我写的这些与动物有关的故事,都是真实、可信的。
本书所描述的所有动物故事均来自于事实,而非虚构。动物们各自表现出来的英雄气概、个性特征,远比我所描述的更为鲜明。
我在描写这些动物时,努力遵循着这样的原则:体现动物个体的真实性,讲述动物个体的真实想法,而非随心所欲地以满怀恶意的目光看待它们。
农场主们十分清楚,在1889—1894年的五年期间,狼王洛波(《狼王洛波》)在喀伦坡地区的生活就是那么狂放不羁且极具传奇性。
1882—1888年的六年期间,宾果(《忠犬宾果传》)是我的爱犬,虽然,在这段时间里,我曾到纽约进行过几次长期访问,导致我们之间的亲密关系偶有中断。关于这一点,我的曼尼托巴省的朋友都会记得。
野马(《野马飞毛腿》)生活在19世纪90年代初期,距离洛波的时代很近。这篇故事是一篇严格的纪实文学,除了它的死亡方式还存在争议。
就某种意义而言,乌利是两条狗的混合体:它们都属于杂种狗,都带有大牧羊犬的血统,也自小被培养成了牧羊犬。《诡异狐狗乌利》的前半部分是一篇实录,至于那条狗后来的事,人们仅知道它成为一个杀羊成性的凶手。故事后半部分的细节,事实上是依据另外一只狗写的——那是一只黄狗,它长期过着两面派的生活:白天是一只忠实的牧羊犬,夜晚则成了嗜血好杀的怪物。
这样的事情并不少见。开始写这些故事之后,我就听说了另一只过着双重生活的牧羊犬,它凶残地虐杀着附近的小狗,并将这种暴行当成其夜间的一种娱乐活动。等主人发现了它的所作所为时,它已经将二十条狗杀死了,并且将它们藏在了一个沙坑里。这只牧羊犬死时的情况与乌利完全一样。
红脖子(《松鸡红脖子》)曾生活在多伦多北部的唐河谷地,我的许多同伴都还记得它。

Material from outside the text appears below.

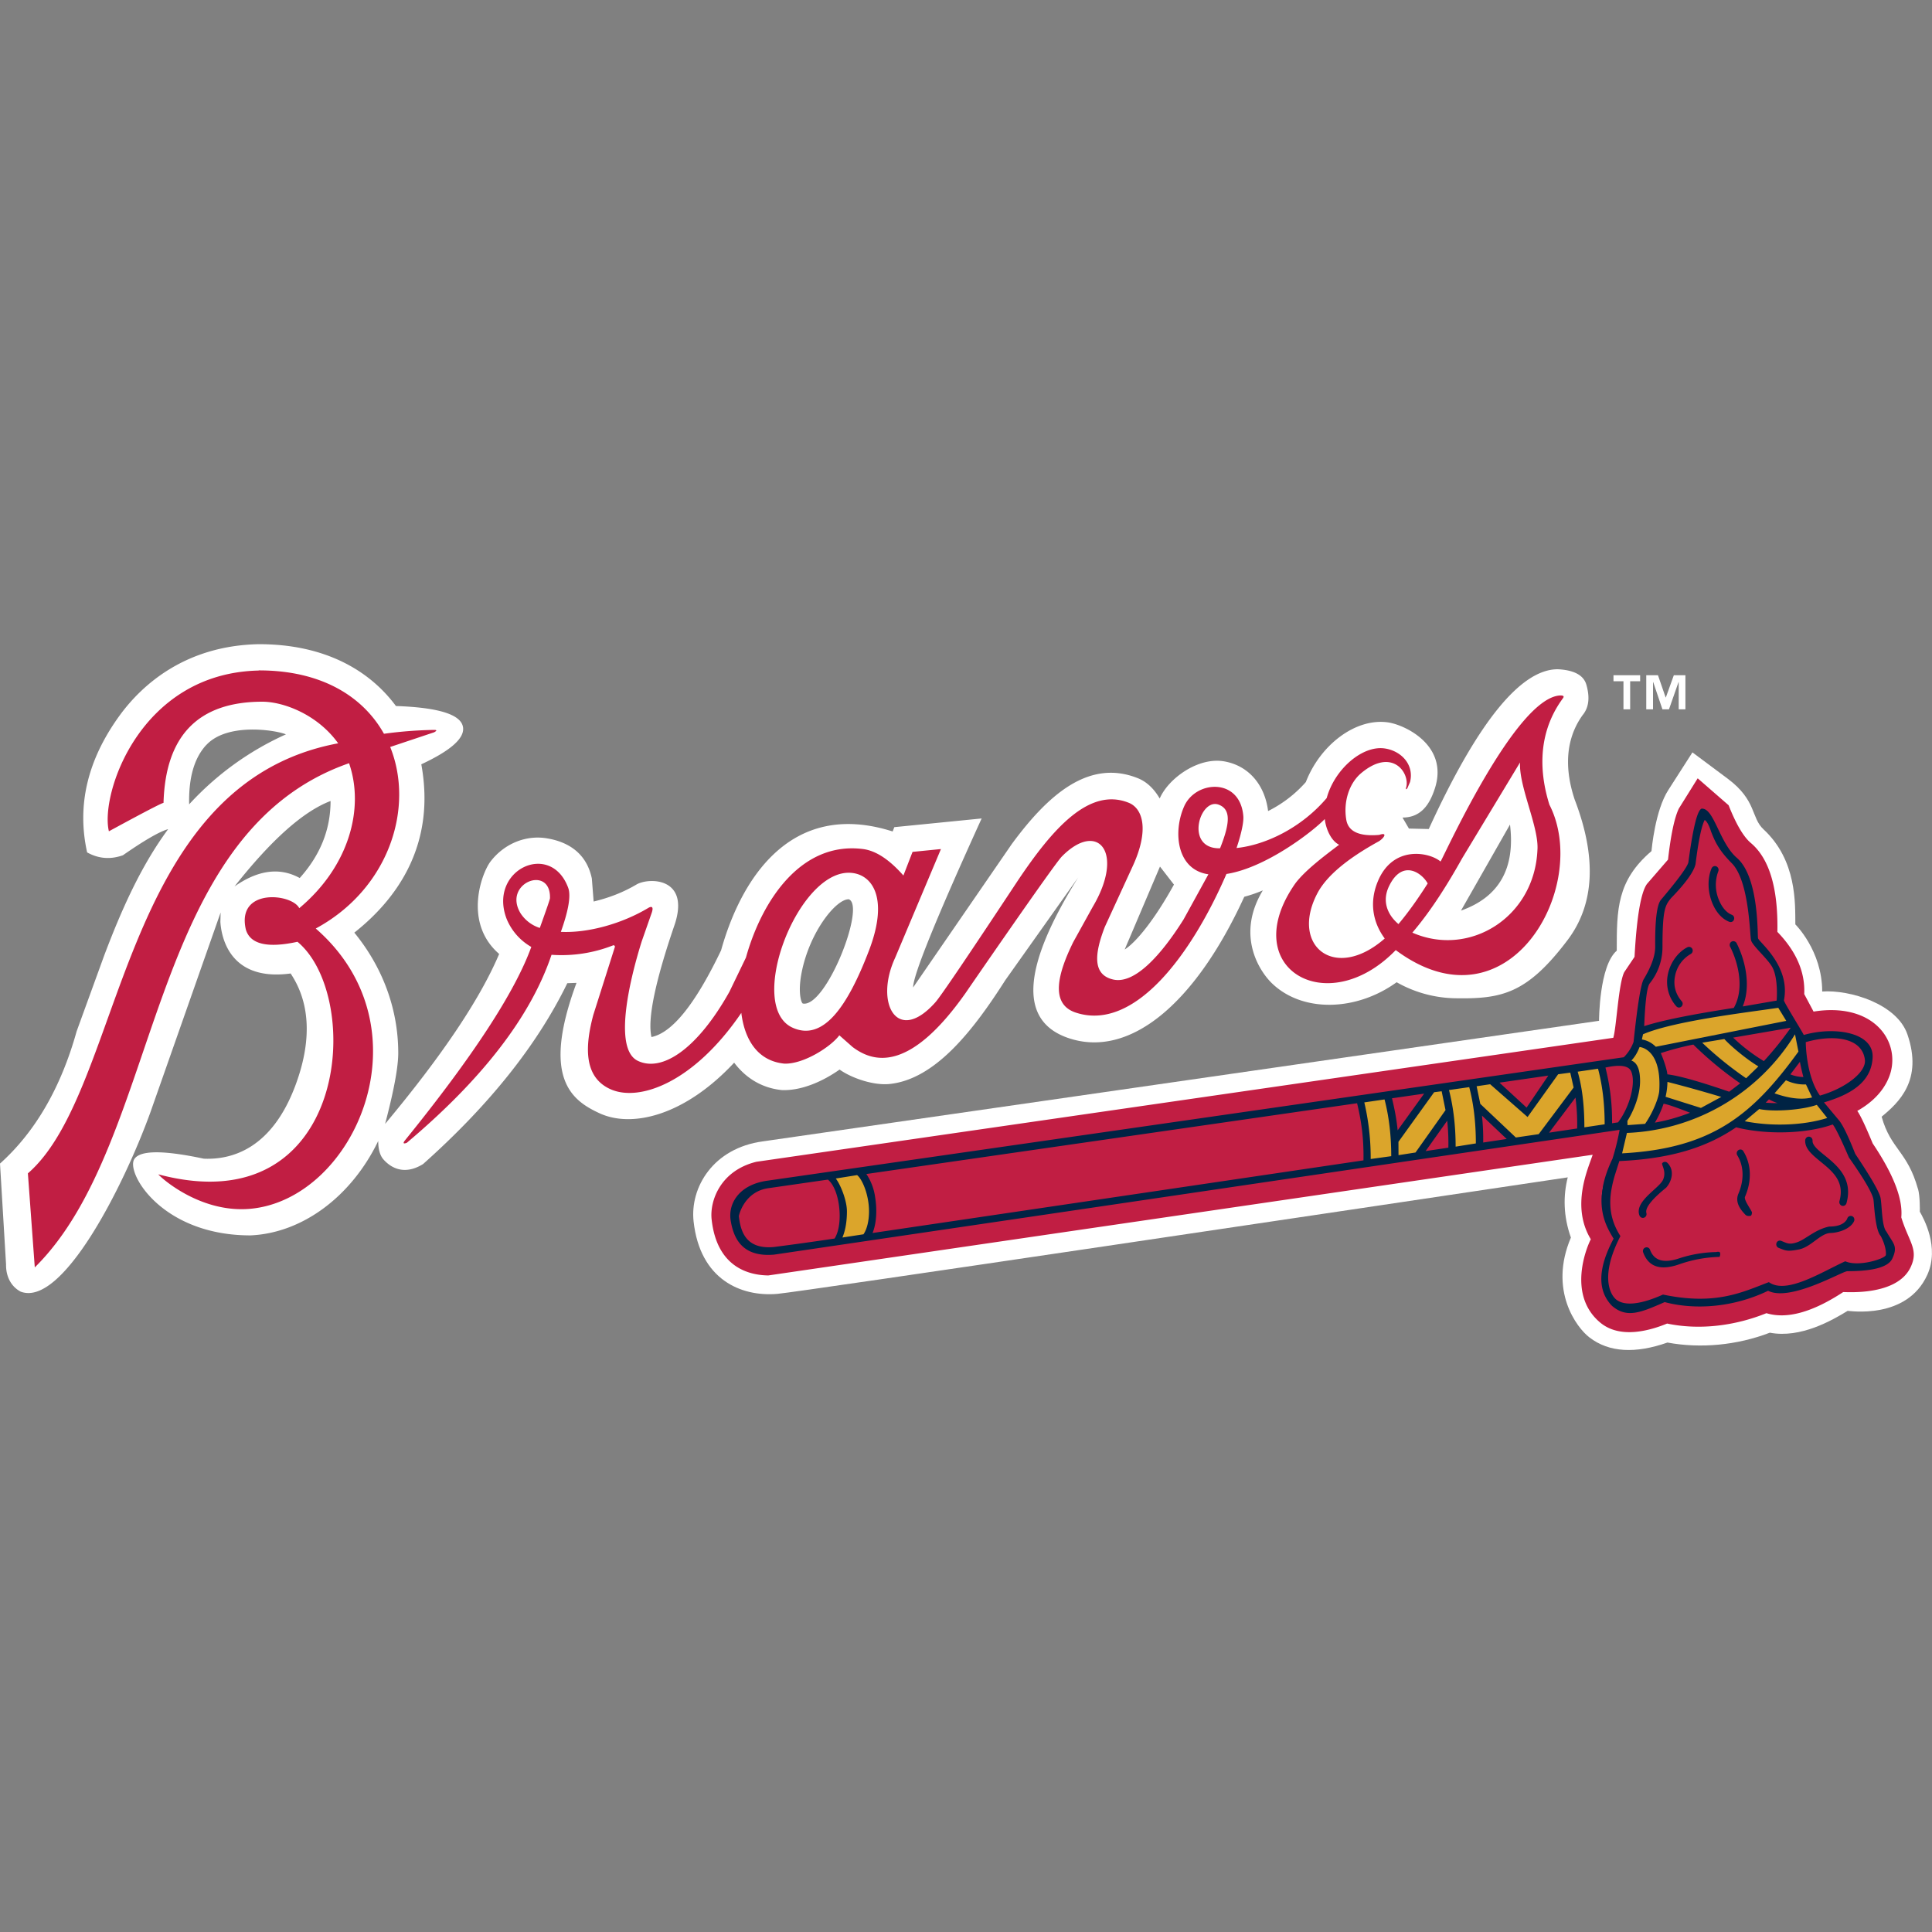 <?xml version="1.0" encoding="UTF-8"?> <svg xmlns="http://www.w3.org/2000/svg" xmlns:v="https://vecta.io/nano" width="30" height="30" fill-rule="evenodd"><rect width="100%" height="100%" fill="#808080" stroke="none"/><path fill="#fff" d="M29.782 18.462c-.164-.588-.422-.613-.564-1.122.265-.219.645-.566.4-1.279-.162-.472-.892-.695-1.323-.665 0-.633-.417-1.042-.417-1.042-.003-.327.025-.994-.494-1.476-.197-.183-.104-.447-.554-.785l-.55-.41-.373.582c-.207.319-.259.918-.263.951-.539.461-.539.908-.539 1.546-.275.237-.275 1.085-.275 1.089l-12.983 1.872c-.775.104-1.134.718-1.077 1.242.099.905.737 1.175 1.302 1.126.358-.031 9.149-1.343 12.272-1.809-.071.281-.071.598.049.935-.35.821.092 1.401.286 1.549.306.237.718.255 1.213.081.514.095 1.079.043 1.59-.153.479.091.967-.192 1.208-.339.018-.003.917.146 1.237-.559.195-.43-.06-.882-.116-.981.001-.021.004-.241-.028-.355z"></path><path fill="#002344" d="M26.4 12.24l.946 1.413.163.884.679 1.395h.675l.422.325-.139.508-.511.393.974 2.208-.184.418-3.021.717h-1.432l-.284-.479.083-.793.201-1.446-12.95 1.866c-.525-.007-.788-.175-.788-.505 0-.495.09-.806.606-.959.344-.102 4.778-.745 13.301-1.929l.561-2.492.385-.438.313-1.088z"></path><path fill="#dba52b" d="M13.494 18.809c0 .15-.032.278-.086.357l-.327.05c.043-.102.07-.235.07-.407s-.103-.421-.173-.509l.331-.053c.076.058.185.3.185.563zm8.109-.856l-.319.044a3.78 3.78 0 0 0-.099-.879l.314-.046c.069.266.104.56.104.881zm.666-.993l.117-.015.06.293-.466.658-.264.041-.001-.207.554-.77zm5.604-.898l.053.267c-.713.985-1.344 1.505-2.738 1.58l.075-.317a3.21 3.21 0 0 0 2.609-1.53zm-5.373.864l.314-.045c.068.258.103.549.103.874l-.314.05c0-.317-.034-.61-.103-.879zm1.883-.27l.052.231-.542.724-.355.052-.552-.522-.057-.274.21-.031.581.509.475-.664.187-.025zm.534.802l-.315.047c0-.34-.035-.628-.104-.864l.316-.046c.069.259.103.547.103.863zm.542-1.2c.08.008.34.1.306.677-.006.107-.098.34-.22.516l-.273.02-.002-.065c.114-.184.197-.419.197-.619 0-.18-.045-.286-.135-.319.053-.055.094-.123.127-.21zm2.752.898l.162.204c-.36.115-.86.135-1.281.05l.225-.189c.223.048.672.014.895-.065zm-2.318-.356a20.66 20.66 0 0 1 .835.233l-.316.171-.549-.173a1.1 1.1 0 0 0 .029-.231zm1.839-.026a.65.65 0 0 0 .311.065l.095.202c-.157.039-.352.018-.583-.064l.177-.203zm-.428-.215l-.19.184a5.46 5.46 0 0 1-.682-.552l.343-.057c.12.13.36.324.529.425zm.309-.91l.124.203-2.026.402c-.062-.062-.135-.1-.216-.113l.018-.081c.481-.208 1.656-.344 2.101-.411z"></path><path fill="#fff" d="M18.012 13.456l.217.28c-.3.544-.586.894-.765 1.008l.548-1.288zM3.203 11.569c.328-.355 1.086-.23 1.237-.166a4.59 4.59 0 0 0-1.503 1.087c-.009-.413.079-.72.265-.921zm.438 2.197c.573-.726 1.071-1.169 1.492-1.328 0 .443-.16.841-.479 1.196-.309-.17-.647-.126-1.014.132zm8.504 3.161c.311.01.641-.142.892-.319.185.132.526.25.777.224.714-.074 1.305-.842 1.797-1.613l1.131-1.594c-.871 1.395-.925 2.225-.16 2.491.94.326 1.966-.503 2.739-2.191.098-.026.194-.059.288-.099-.424.703-.046 1.261.141 1.442.477.461 1.314.435 1.937-.016a1.9 1.9 0 0 0 .913.249c.72.012 1.11-.07 1.74-.902.42-.555.457-1.282.112-2.182-.105-.315-.212-.846.123-1.313.095-.114.115-.269.06-.465-.04-.152-.189-.234-.446-.247-.578 0-1.246.827-2.003 2.481l-.308-.007-.1-.171c.299 0 .426-.22.501-.447.223-.677-.473-.998-.734-1.032-.501-.066-1.045.353-1.268.928-.181.205-.386.35-.586.45-.051-.41-.305-.705-.679-.771-.404-.073-.87.264-1.004.576-.082-.14-.192-.256-.339-.315-.762-.305-1.395.258-1.957 1.021l-1.533 2.228c0-.191.355-1.066 1.064-2.624l-1.356.135-.026.067c-1.613-.513-2.369.788-2.664 1.846-.399.833-.759 1.281-1.081 1.346-.064-.277.057-.864.365-1.76.225-.707-.382-.72-.588-.614-.231.138-.46.218-.675.27l-.028-.358c-.085-.407-.386-.575-.708-.625s-.653.086-.864.36c-.138.179-.428.952.133 1.437-.296.7-.886 1.579-1.771 2.639.136-.516.204-.883.204-1.1 0-.684-.243-1.334-.682-1.87.679-.537 1.266-1.377 1.04-2.614.456-.213.672-.404.648-.574-.028-.198-.375-.308-1.042-.331-.399-.54-1.09-.964-2.139-.96-1.123.025-1.801.621-2.16 1.119-.492.683-.658 1.387-.496 2.114.178.099.363.113.556.044.335-.233.569-.368.702-.405-.426.577-.728 1.261-.992 1.959l-.429 1.18C.945 16.892.546 17.578 0 18.068l.094 1.566c-.003.191.081.345.226.422.64.247 1.59-1.61 2.015-2.783l1.091-3.104-.004.147c.02.303.191.922 1.091.8.144.22.437.754.079 1.725-.365.992-.986 1.17-1.428 1.151-.629-.134-.989-.132-1.078.006-.135.207.421 1.185 1.802 1.185.812-.035 1.572-.609 1.985-1.466 0 .131.028.229.085.291.124.137.332.241.612.067 1.028-.916 1.774-1.852 2.239-2.808l.143-.005c-.548 1.479-.079 1.826.365 2.028.5.226 1.313.036 2.083-.789.181.239.43.395.744.426zm1.032-2.964c.275.089-.349 1.687-.71 1.62-.022-.004-.083-.163-.018-.488.125-.625.53-1.131.728-1.131zm10.27-1.159c.084.681-.169 1.126-.761 1.336l.761-1.336z"></path><path d="M8.084 14.183c-.287-.472.472-.764.456-.235 0 .015-.053.169-.158.461a.56.56 0 0 1-.298-.226zm5.093-.631c.355 0 .638.371.316 1.209-.337.881-.713 1.408-1.183 1.198-.726-.323.057-2.407.868-2.407zm5.747-1.057c.184.07.184.269.021.677-.555.013-.316-.789-.021-.677zm2.646 1.263c.205-.421.508-.206.599-.04-.146.23-.298.446-.454.631-.181-.154-.255-.366-.145-.591zm2.033-1.916c-.019.374.297 1.007.27 1.359-.048 1.05-1.061 1.668-1.942 1.281.297-.348.552-.76.774-1.156l.897-1.485zM4.017 10.41c.98-.002 1.624.41 1.945.984a6.42 6.42 0 0 1 .779-.06c.045 0 .045.012 0 .037l-.682.228c.38.945-.019 2.204-1.156 2.819 1.778 1.55.605 4.216-1.027 4.353-.827.069-1.463-.566-1.414-.535 2.957.785 3.19-2.758 2.157-3.612-.468.102-.735.038-.802-.192-.147-.646.714-.56.83-.33.773-.646 1.016-1.549.773-2.251-3.195 1.112-2.881 5.857-4.88 7.829l-.107-1.46c1.504-1.307 1.388-6.038 4.818-6.678-.33-.459-.864-.646-1.176-.646-.994 0-1.506.524-1.536 1.571-.049.004-.848.442-.848.441-.14-.568.477-2.456 2.327-2.496zm20.213.389c.044 0 .057.011.046.033l-.018.026c-.432.599-.319 1.254-.199 1.637.647 1.261-.63 3.564-2.386 2.258-1.071 1.106-2.48.271-1.556-1.04.151-.197.422-.404.677-.596-.13-.063-.208-.257-.223-.399-.198.204-.923.76-1.527.853-.534 1.235-1.423 2.457-2.341 2.152-.403-.134-.277-.608-.038-1.094l.302-.546c.504-.848.08-1.351-.479-.783-.123.125-1.472 2.086-1.492 2.116-.88 1.252-1.44 1.08-1.757.842l-.206-.182c-.129.176-.553.45-.853.44-.405-.039-.616-.358-.669-.788-.74 1.086-1.587 1.387-2.034 1.184-.42-.19-.392-.675-.264-1.153l.336-1.059s-.007-.03-.03-.02a2.19 2.19 0 0 1-.955.146c-.321.954-1.07 1.928-2.247 2.919-.039.016-.072.018-.029-.037 1.053-1.3 1.707-2.301 1.962-3.004a.89.89 0 0 1-.382-.433c-.295-.761.682-1.224.955-.485.049.132-.008.388-.114.684.419.02.949-.125 1.365-.376.057-.029.075 0 .043.088l-.154.44c-.203.651-.432 1.67-.06 1.85s.918-.171 1.423-1.071l.257-.532c.247-.886.856-1.808 1.819-1.685.199.026.408.163.626.411l.142-.367.441-.044-.711 1.688c-.327.705.033 1.359.626.69.085-.097.511-.726 1.278-1.887.541-.807 1.108-1.456 1.722-1.21.216.086.327.415.06.991l-.431.938c-.157.408-.197.741.131.816.336.076.748-.385 1.093-.934l.385-.7c-.496-.072-.552-.662-.376-1.056.179-.404.867-.449.918.15.009.099-.034.286-.105.498.441-.046.998-.304 1.4-.776.122-.446.549-.817.895-.771.26.035.467.252.399.522l-.041.095c-.018.026-.031.026-.016-.022.049-.226-.226-.607-.699-.213-.187.155-.282.444-.234.726.031.184.202.262.512.235.137-.047.074.05-.007.1-.498.274-.816.543-.955.809-.426.814.273 1.378 1.047.7-.184-.248-.244-.562-.106-.89.236-.565.801-.451.973-.305.085-.149 1.171-2.546 1.857-2.579zm4.564 8.153c-.042.115-.217.189-.372.194s-.301.218-.487.255-.208.018-.316-.024c-.029-.011-.044-.044-.034-.075s.044-.046.073-.034c.086.033.122.066.252.02s.277-.197.492-.242c.145 0 .239-.04.281-.12.007-.032.037-.051.068-.044s.049.038.042.07zm-2.724.682c-.329.113-.485.004-.555-.187-.011-.029.003-.064.033-.075s.062.003.073.033c.05.136.168.229.449.136a1.96 1.96 0 0 1 .577-.099c.022-.005.046-.007.056.002s.014.038-.002.073a2.04 2.04 0 0 0-.631.117zm-.615-.766c-.073-.218.31-.416.369-.55s-.034-.236-.011-.259.057-.024.08-.001c.11.112.073.278-.021.384-.227.184-.329.316-.307.394.009.031-.008.063-.038.073s-.062-.009-.071-.04zm3.108-.218c-.008.031.008.063.038.073s.062-.009.071-.04c.106-.381-.148-.587-.334-.739-.106-.085-.197-.16-.193-.232.002-.032-.023-.06-.054-.062s-.057.023-.06.055c-.007.134.112.228.236.331.187.152.381.309.296.614zm-1.491-.773c-.016-.028-.052-.036-.078-.018a.06.06 0 0 0-.018.08c.104.167.109.384.018.597-.062.145.052.266.106.324.024.025.055.023.073.021.026-.002.027-.024.032-.049s-.13-.195-.109-.248c.109-.249.099-.507-.025-.707zm-.71-5.791l.48.418c.116.294.231.489.344.585.289.243.426.704.413 1.381.294.304.433.626.417.966l.145.272c.415-.068.78.015 1.008.241.184.182.256.441.192.69-.042.158-.164.41-.521.611.048.068.128.236.239.505.323.48.471.863.444 1.148.118.384.275.499.145.774-.217.459-1.027.38-1.048.387-.479.314-.876.423-1.191.327-.495.2-1.047.265-1.542.161-.244.1-.722.25-1.04-.016-.514-.431-.21-1.168-.145-1.293-.313-.518-.042-1.096.029-1.312L11.93 19.805c-.303-.004-.799-.126-.88-.871-.031-.287.136-.757.695-.894l13.306-1.925c.049-.157.08-.842.17-1.019l.16-.238c.034-.624.099-1.001.193-1.132l.327-.378c.044-.387.1-.651.168-.793l.293-.47zm.07.469c-.07 0-.141.279-.215.836-.018.073-.161.268-.429.585-.061.081-.09.323-.086.726 0 .136-.058.3-.173.495-.046.059-.1.386-.163.981a.64.64 0 0 1-.152.239l-13.293 1.916c-.448.06-.618.36-.575.62s.166.572.673.529l13.13-1.938a3.69 3.69 0 0 1-.11.448c-.331.685-.1 1.048.017 1.242-.246.461-.254.809-.024 1.044.229.195.441.106.817-.059.506.134 1.102.068 1.606-.176.345.176 1.155-.306 1.232-.304.404 0 .636-.065.697-.196.091-.196.015-.23-.091-.418-.075-.08-.069-.416-.093-.529-.02-.091-.15-.318-.392-.679-.105-.266-.187-.437-.246-.513l-.239-.286c.405-.12.739-.309.755-.7s-.597-.483-1.069-.347c-.027-.059-.311-.511-.308-.538.106-.531-.387-.904-.402-.963-.012-.043.019-.95-.33-1.25-.267-.23-.353-.763-.537-.763zm2.028 4.907c.042.053.126.223.25.511.23.326.357.542.38.647.011.052.024.48.115.574.088.17.083.284.077.298-.026.057-.425.184-.629.093-.373.171-.916.52-1.186.324-.407.153-.821.366-1.644.193-.342.153-.591.181-.723.08-.104-.081-.254-.377.062-.988-.214-.332-.175-.642-.088-.942l.071-.223c.796-.036 1.353-.21 1.813-.524.474.119 1.092.101 1.5-.044zm-1.071-.985a5.06 5.06 0 0 0 .418-.519l-.895.154a2.76 2.76 0 0 0 .477.365zm-.801-2.456c-.073-.178-.076-.383-.011-.537.013-.03.047-.044.075-.031a.06.06 0 0 1 .029.078.6.6 0 0 0 .011.445c.047.115.119.198.2.229.029.011.044.044.033.075s-.043.045-.072.034c-.112-.043-.206-.147-.265-.293zm-.335.793a.5.5 0 0 0-.243.342c-.03.148.009.282.104.392.021.023.019.06-.005.082s-.059.019-.08-.005a.57.57 0 0 1-.131-.492c.035-.181.156-.351.306-.425.028-.013.062 0 .075.028s.002.065-.028.078zm.612-.114c-.014-.029-.003-.065.024-.079s.062-.004.077.024c.134.265.227.662.095.983l.527-.091c0-.004.031-.363-.078-.536-.084-.134-.298-.316-.32-.402-.02-.079-.026-.922-.3-1.196-.211-.212-.264-.348-.321-.491 0 0-.045-.152-.099-.179-.05.096-.097.325-.142.687-.029.12-.156.296-.381.527-.088.111-.132.166-.132.755a.9.9 0 0 1-.198.568c-.042.053-.07.275-.086.664.265-.087.728-.181 1.391-.283.166-.29.075-.69-.057-.951zm-.975 1.982c.179.021.499.111.961.27l.171-.13a5.44 5.44 0 0 1-.728-.602 4.4 4.4 0 0 0-.506.133c.01.016.092.22.103.329zm2.37.33c.379-.106.722-.357.698-.556-.042-.349-.493-.396-.918-.274 0 0 0 .521.22.83zm-.311-.524l-.148.195a.57.57 0 0 0 .202.041 3.17 3.17 0 0 1-.054-.236zm-2.117.651a1.51 1.51 0 0 1-.135.293c.196-.034.376-.088.546-.153-.04-.015-.31-.125-.41-.14zm1.771-.01c-.047-.015-.091-.035-.135-.058l-.05.051a1.79 1.79 0 0 0 .186.007zm-4.318-.317l.42.387.337-.497-.757.109zm1.205.711a3.13 3.13 0 0 0-.026-.48l-.41.545.436-.065zm-12.552.926c-.386.051-.466.43-.465.436.027.242.112.516.54.479a44.05 44.05 0 0 0 .946-.132c.073-.112.099-.325.064-.544-.028-.176-.093-.314-.168-.371l-.916.132zm10.552-.628a3.21 3.21 0 0 0-.018-.419l-.335.472.353-.053zm-.788-.268l.412-.571-.499.072c.036.151.07.312.088.5zm1.694.133l-.384-.363a3.37 3.37 0 0 1 .019.418l.365-.055zm1.533-1.11a3.34 3.34 0 0 1 .103.866l.093-.014c.184-.241.282-.622.202-.796-.042-.086-.175-.104-.397-.055zm-11.339 2.02c.027.163.027.386-.041.55l7.623-1.128c.007-.376-.042-.646-.099-.887l-7.62 1.099a.86.86 0 0 1 .137.366z" fill="#c11e43"></path><path fill="#fff" d="M25.669 10.592h.002l.143.422h.102l.148-.422h.003v.422h.104v-.529h-.18l-.124.345h-.003l-.119-.345h-.182v.529h.105v-.422m-.459.422h.104v-.436h.155v-.093h-.414v.093h.155v.436"></path></svg>

它是在1889年被害于宝塔山和法兰克堡之间的地方。之所以将凶手的名字隐去,是因为我想揭露的是整个人类——而非某个人的恶行。
银斑点(《乌鸦大队长银斑点》),野兔一只耳(《野兔一只耳的故事》)和狐狸维克森(《春田狐的故事》),都是依据真实的动物形象塑造出来的。虽然我将其同类中的许多冒险经历都集中到它们身上,但是,你在书中看到的动物们的生活经历,无不来源于生活。
这些故事都是真实而非虚构的——野生动物的一生总是以悲剧告终的。
事实上,我们与动物同属一个家族。人类所具有的高贵品质,动物身上未必没有;动物所具有的品质,人类也同样拥有。既然每一种动物都是具有七情六欲的美好生灵——与我们人类相比,仅在聪明程度上略有差别罢了。所以,它们自然也应该享有自己的权利!